Germen mitolojisinde tanrılar yaşlanınca ölürler. Ancak, gençlik tanrıçası İdun, yaşlanmaya başlayan tanrılara gençlik aşılamak için elma sunar. Ragnarok’a, yani tanrıların alacakaranlığı savaşına dek Germen tanrılarını hayatta tutacak ve genç kalmalarını sağlayacak bu elmalar çok değerlidir. Böylece Germen tanrıları savaşta kazanıp Germen halkını kurtaracaktır. Fakat bir gün, şeytani tanrı Loki tarafından İdun, elmalarıyla birlikte kaçırılır. Gençlik meyvesinden yoksun kalan tanrılar yaşlanmaya başlarlar. Bu işte Loki’nin parmağı olduğunu anlarlar, çünkü bir tek o yaşlanmamaktadır. Loki’ye çeşitli işkenceler yaparak İdun’un yerini öğrenir ve onu kurtararak gençlik elmalarına yeniden kavuşurlar.

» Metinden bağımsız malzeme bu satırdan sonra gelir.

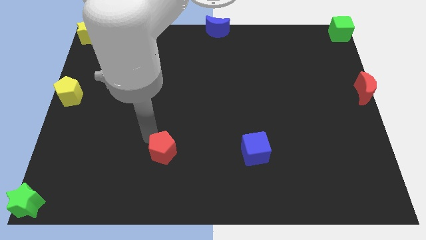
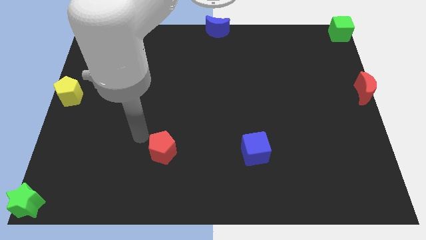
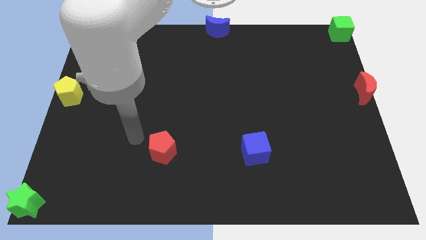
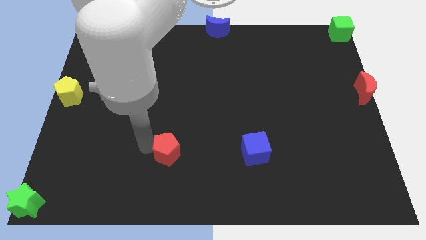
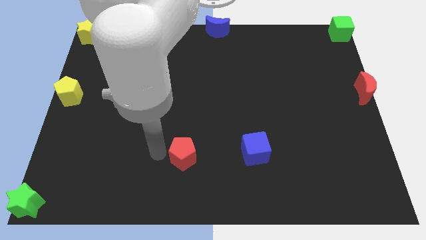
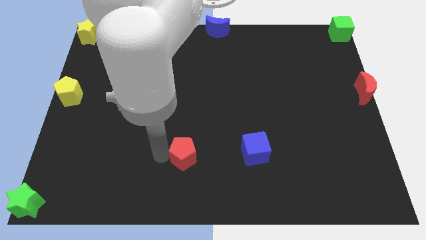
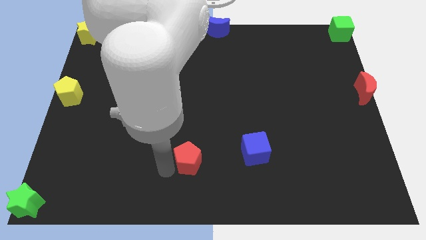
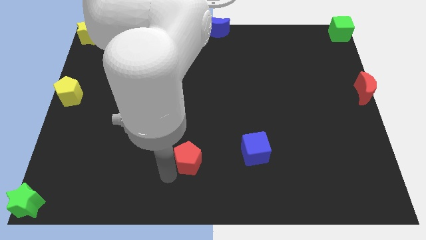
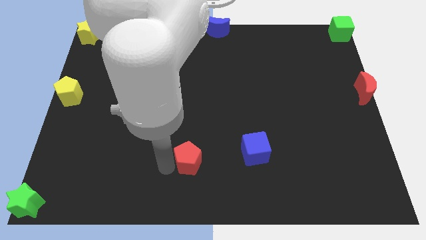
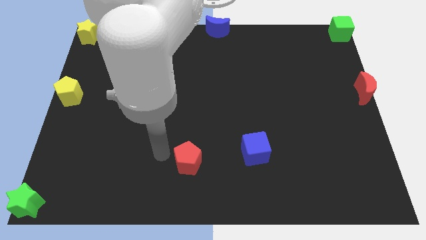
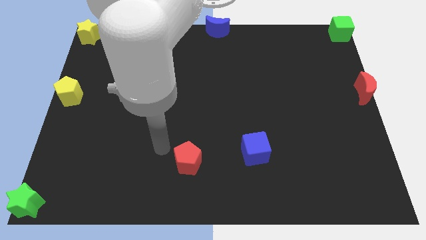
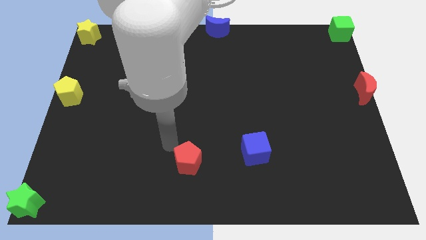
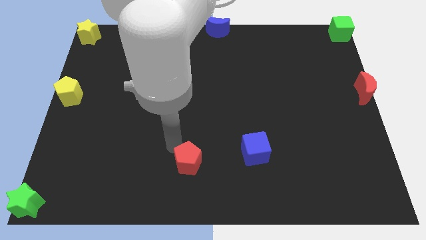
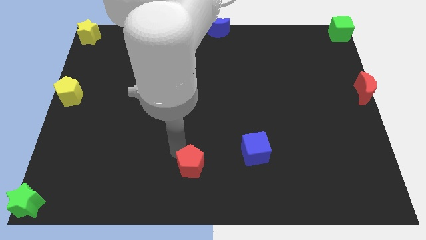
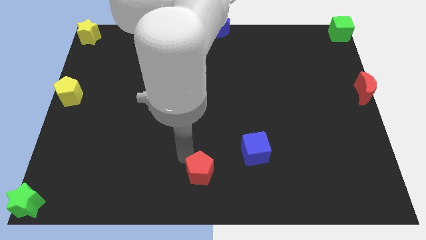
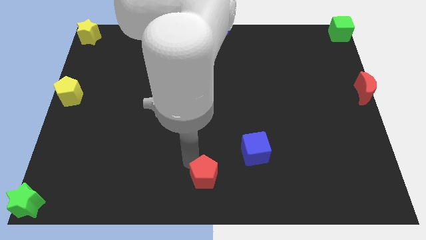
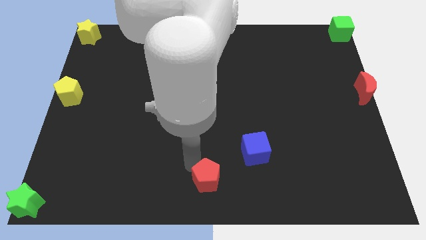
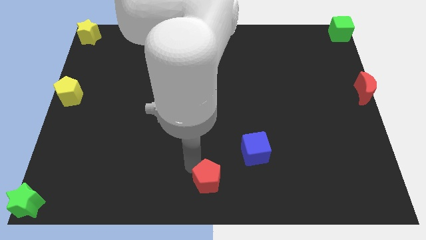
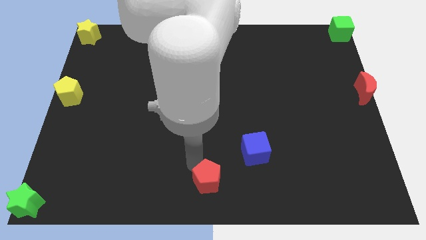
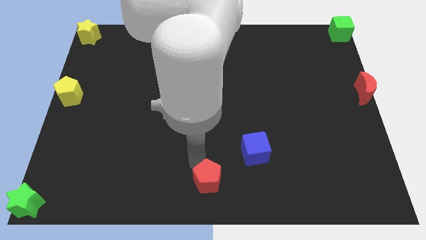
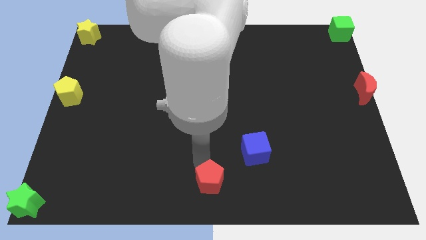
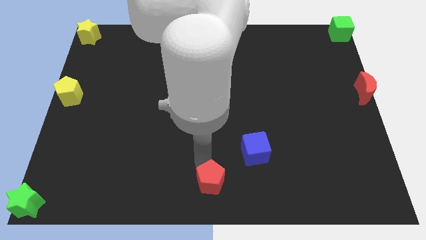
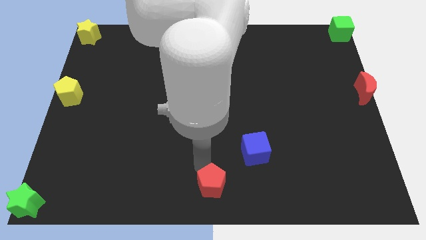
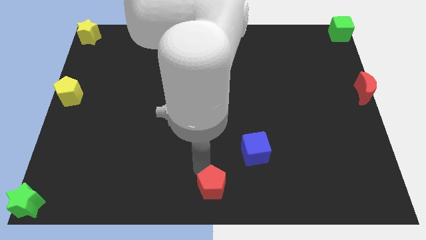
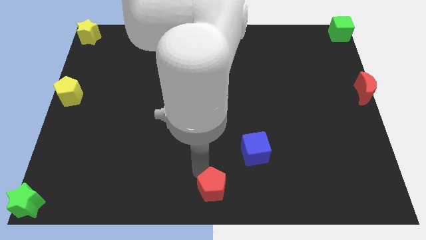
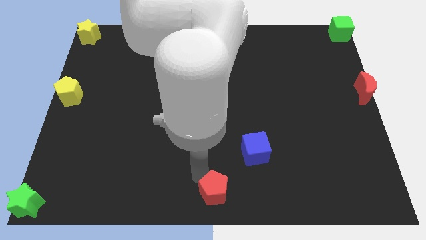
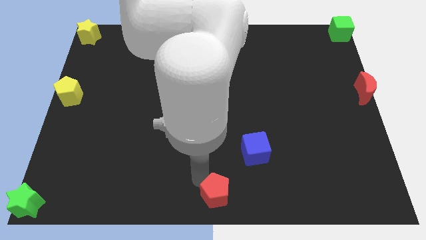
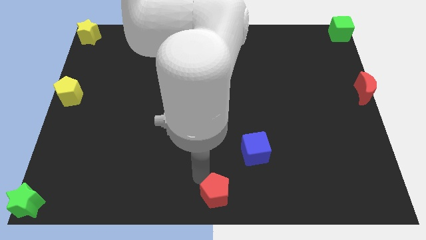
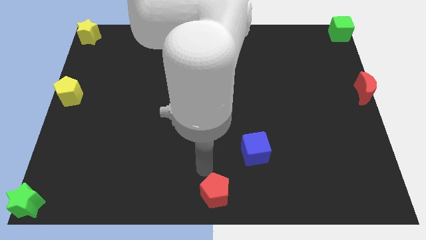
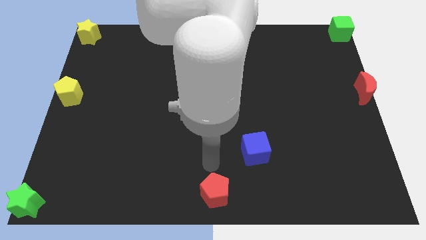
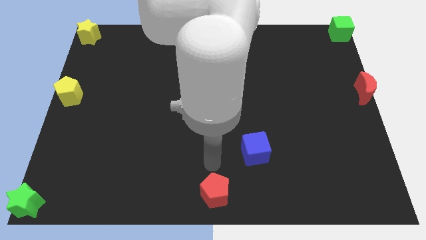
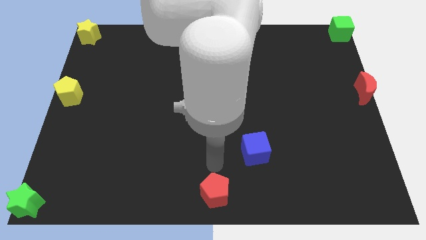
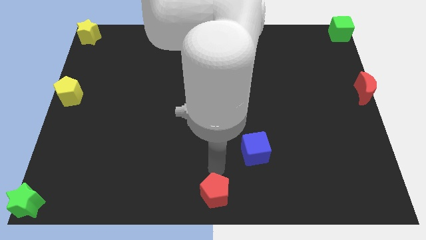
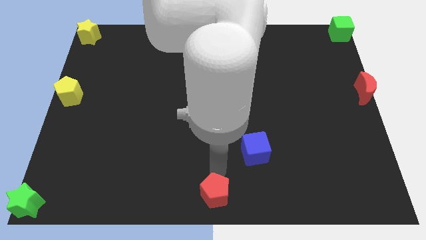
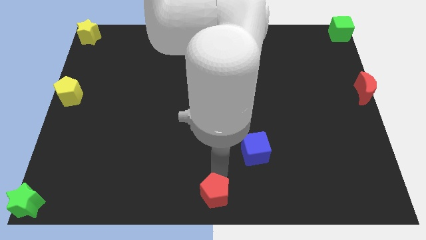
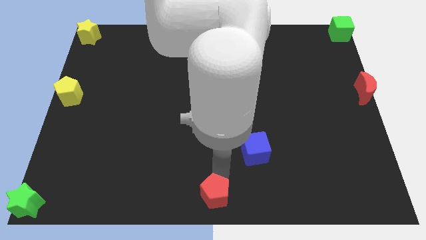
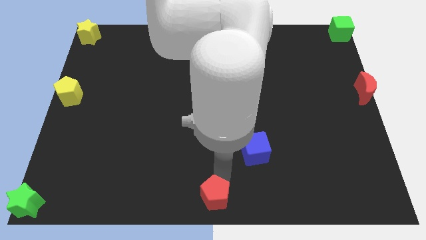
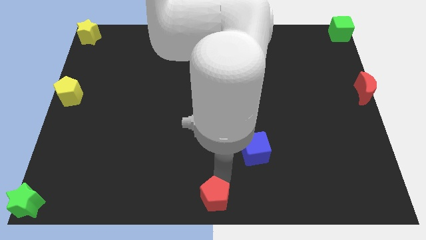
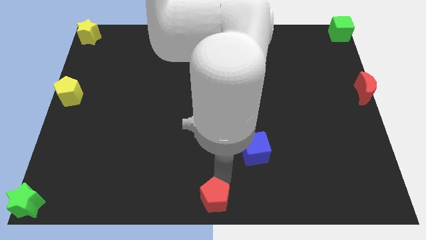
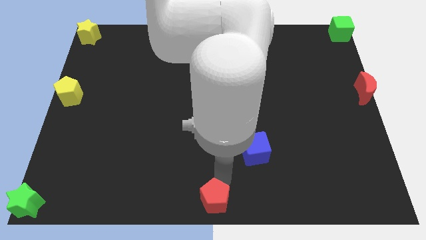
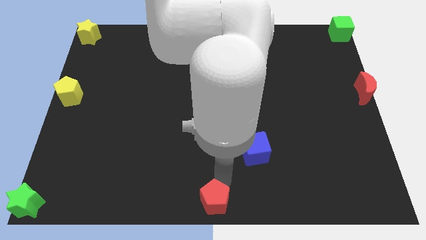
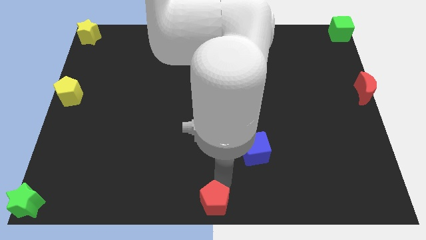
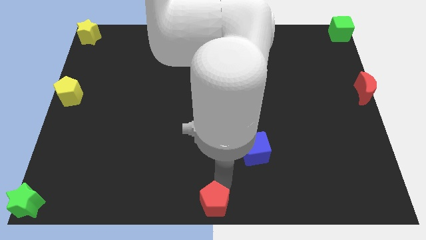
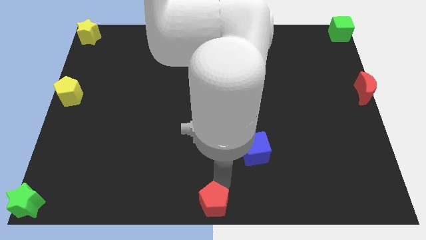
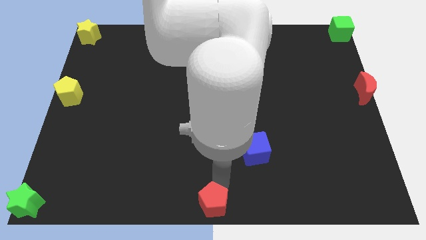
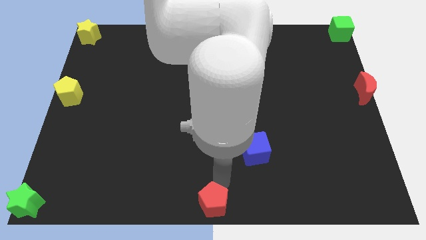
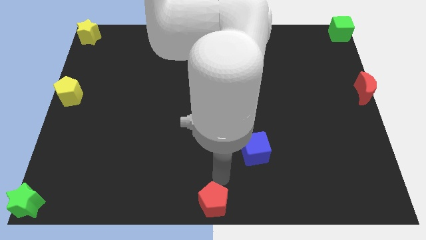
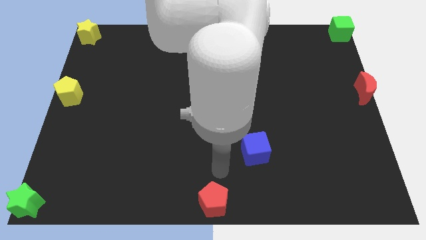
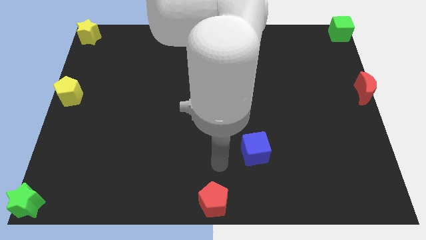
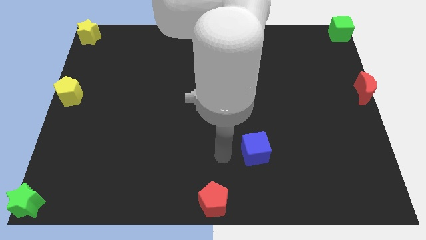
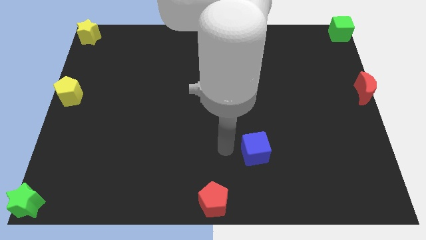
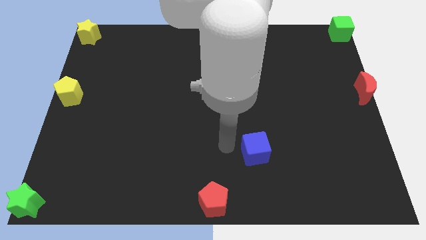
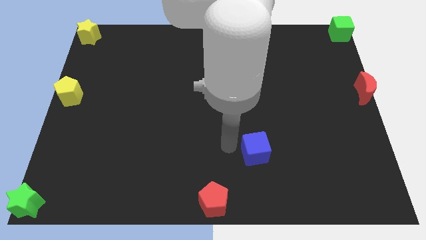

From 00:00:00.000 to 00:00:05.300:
place red pentagon at bottom center

İmparatorluk Elması: Reichsapfel

Ortaçağda Germen kral ve kraliçeleri, ellerinde gücün simgesi olan altın elma taşırlar. “Reichsapfel” (kraliyet elması) diye adlandırılan bu elmanın üzerinde haç dikilidir. Bu altın elma, krallığın ve hristiyanlığın dünya üzerindeki gücünü gösterir.“Reichsapfel” Germenler’in hükümdarlığı altında bütün Avrupa’nın birleşmesini sembolize eder. 

Cadının Zehirli Elması

Grimm Kardeşler, 1800’lerin başında Alman topraklarını köy köy gezerek Çocuk ve Ev Masalları’nı derlerler. En sevilen masallardan biri Pamuk Prenses ve Yedi Cüceler’dir. Masalda cadı üvey anne, sihirli aynasına sorar ‘dünyanın en güzeli kim?’ diye. Pamuk Prenses’in kendisinden güzel olduğunu öğrenince, rakibini öldürmeye karar verir. Yedi Cüceler’e sığınan Pamuk Prenses, tanımadığı insanlar tarafından verilen hediyeleri almaması konusunda uyarılır. Cadının verdiği çeşitli zehirli hediyeleri reddeder. En sonunda cadı, yaşlı bir kadın kılığına girer ve parlak kırmızı bir zehirli elma ile Prensesi baştan çıkarır. Prenses ölür mü? Yakışıklı prensin öpücüğü ile hayata geri döner.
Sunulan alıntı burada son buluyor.